My recent paper touches upon preference aggregation a bit in section 8, BTW, though it's mostly focused on the question of figuring out a single individual's values. (Not sure how relevant that is for your comments, but thought maybe a little.)

Comment author: halcyon 05 March 2016 09:58:10PM 0 points [-]

Thanks, I'll look into it.

(And all my ranting still didn't address the fundamental difficulty: There is no rational way to choose from among different projections of values held by multiple agents, projections such as Rawlsianism and utilitarianism.)

Comment author: Kaj_Sotala 26 February 2016 05:39:02PM *  1 point [-]

From the CEV paper:

Different classes of satisfactory initial definitions may fall into different selfconsistent attractors for optimal definitions of volition. Or they may all converge to essentially the same endpoint.
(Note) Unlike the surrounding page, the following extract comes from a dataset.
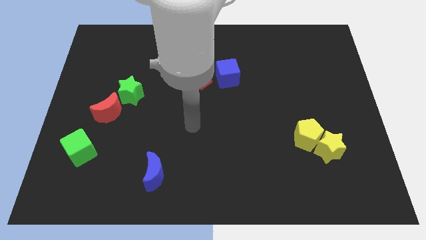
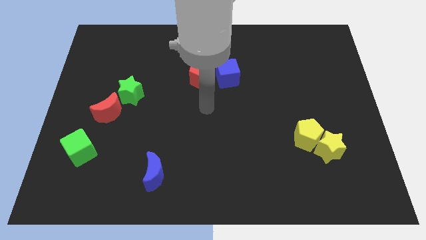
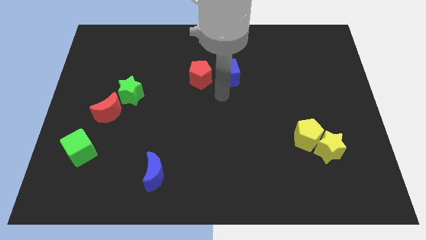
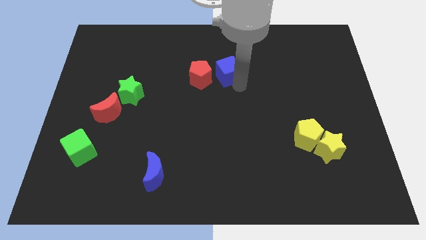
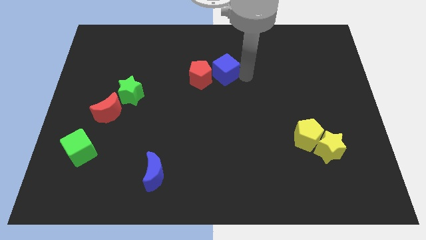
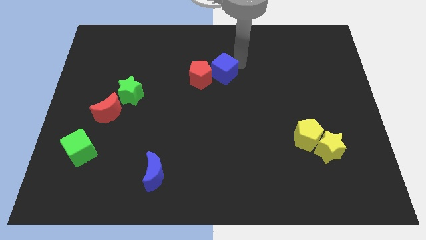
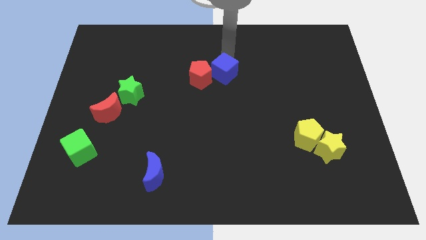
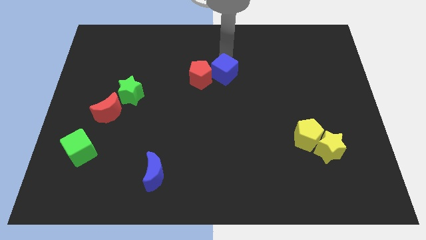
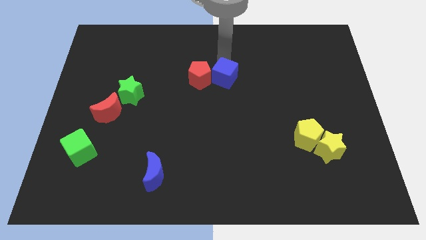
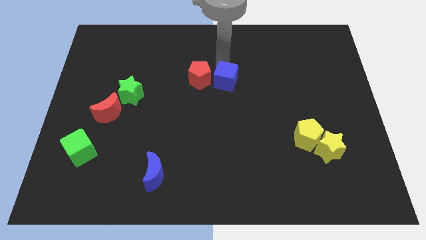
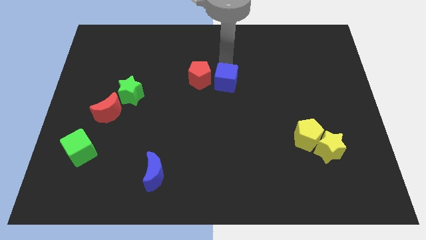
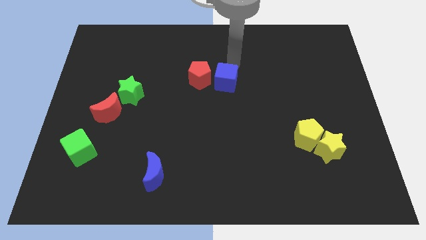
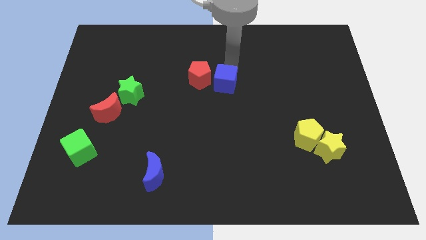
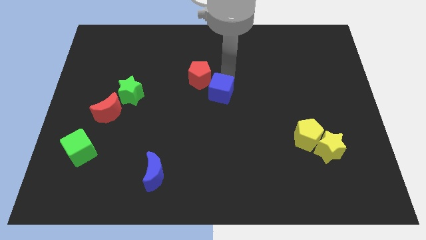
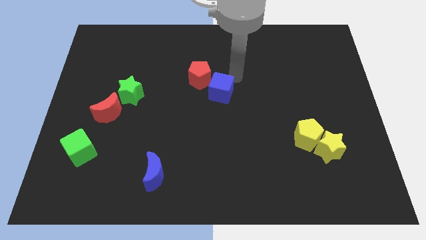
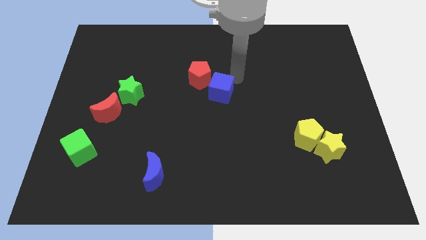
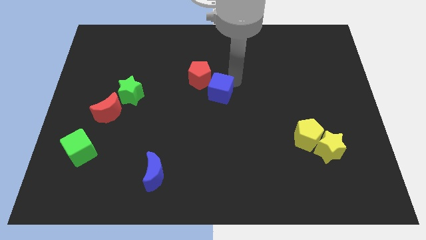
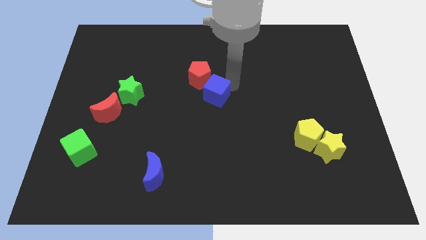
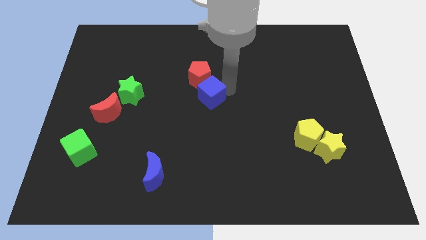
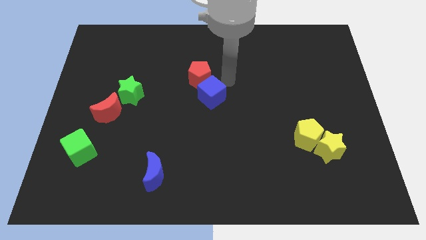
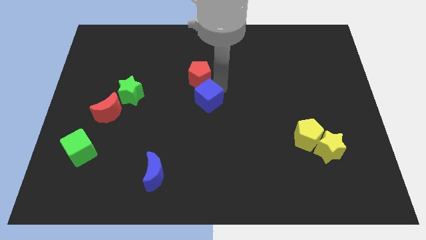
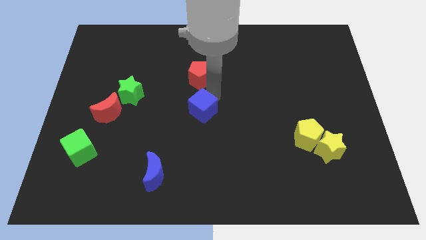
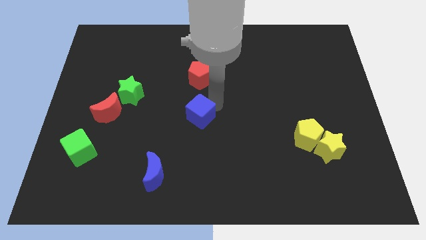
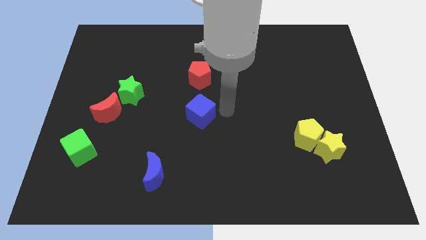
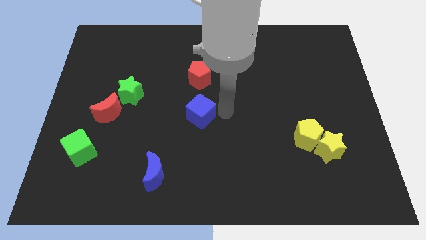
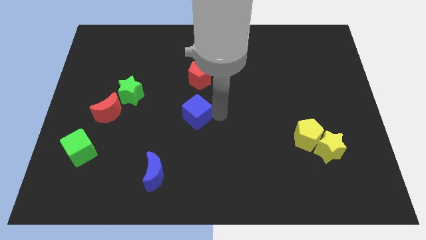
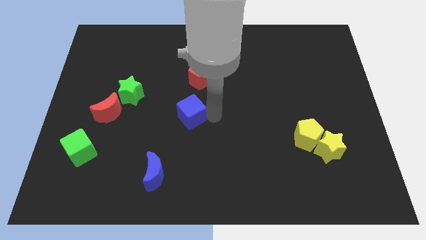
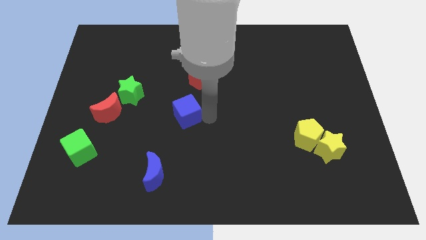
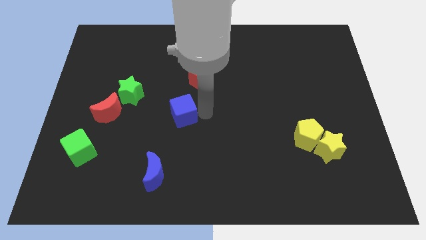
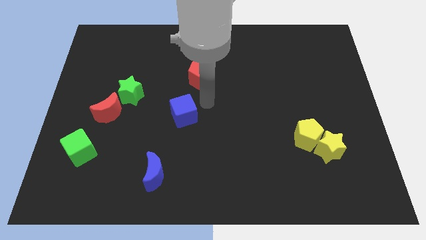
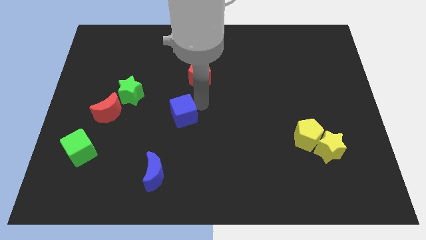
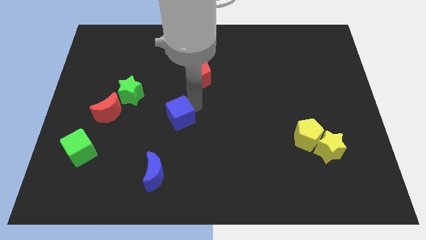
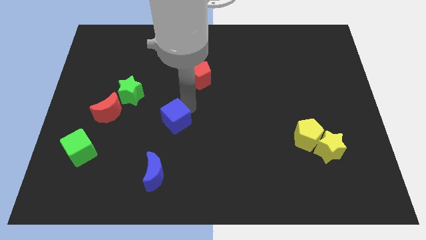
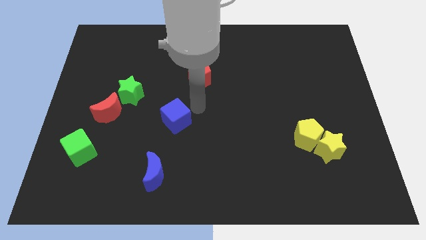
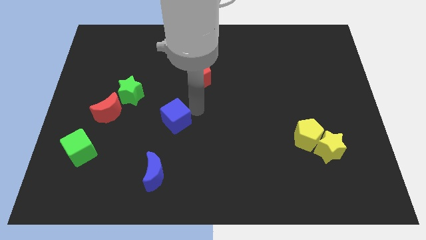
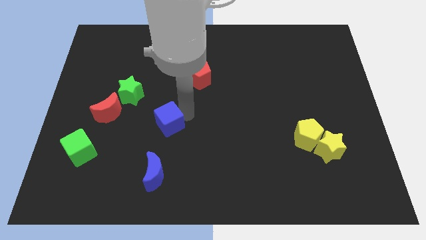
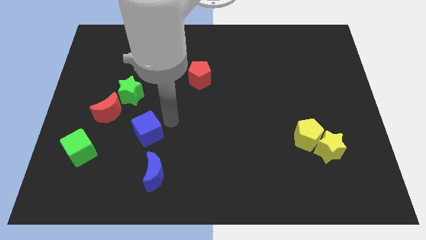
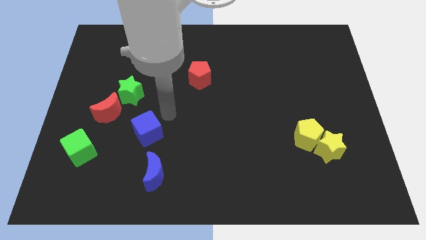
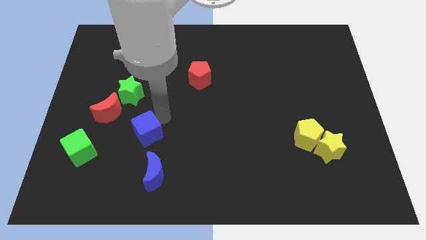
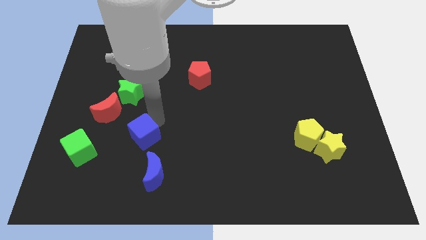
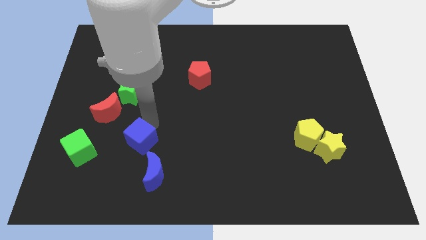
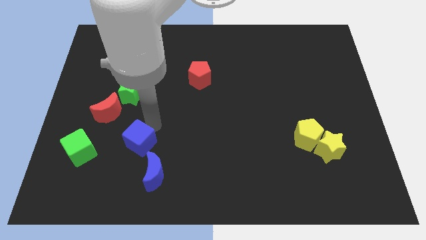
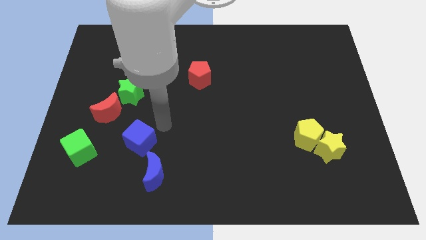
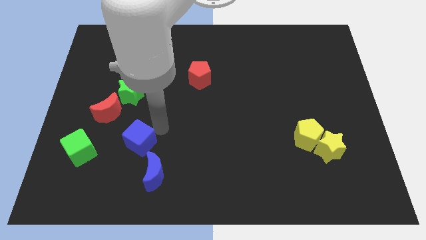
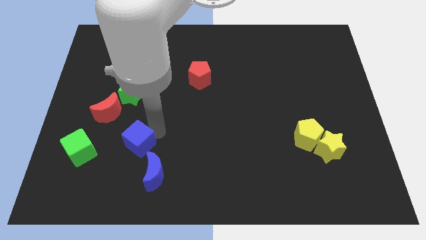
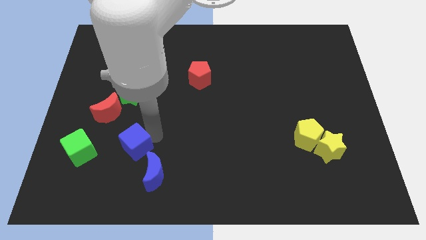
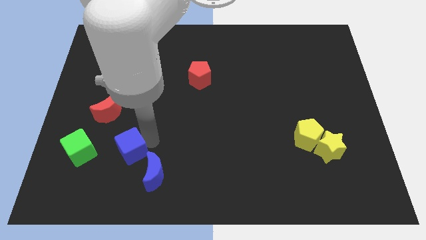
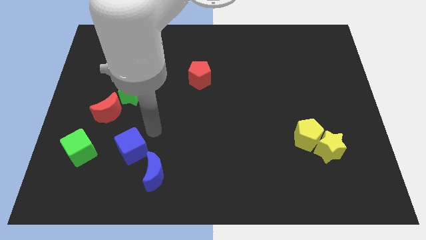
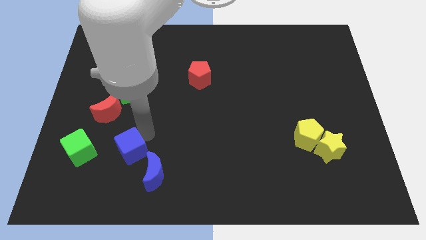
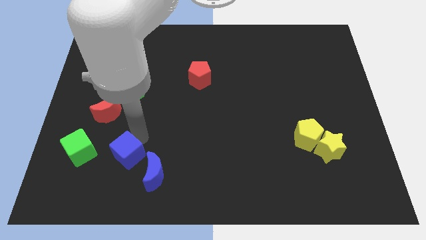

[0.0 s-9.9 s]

A CEV might survey the “space” of initial dynamics and self-consistent final dynamics, looking to see if one alternative obviously stands out as best; extrapolating the opinions humane philosophers might have of that space. But if there are multiple, self-consistent, satisficing endpoints, each of them optimal under their own criterion—okay. Whatever. As long as we end up in a Nice Place to Live.

And yes, the programmers’ choices may have a huge impact on the ultimate destiny of the human species. Or a bird, chirping in the programmers’ window. Or a science fiction novel, or a few lines spoken by a character in an anime, or a webcomic. Life is chaotic, small things have large effects. So it goes.

Which you could sum up as "CEV doesn't get around that problem, it treats it as irrelevant - the point isn't to find a particular good solution that's unique and totally non-arbitrary, it's just to find even one of the good solutions. If arbitrary reasons shift us from Good World #4 to Good World #36, who cares as long as they both really are good worlds".

Comment author: halcyon 28 February 2016 08:43:52PM *  0 points [-]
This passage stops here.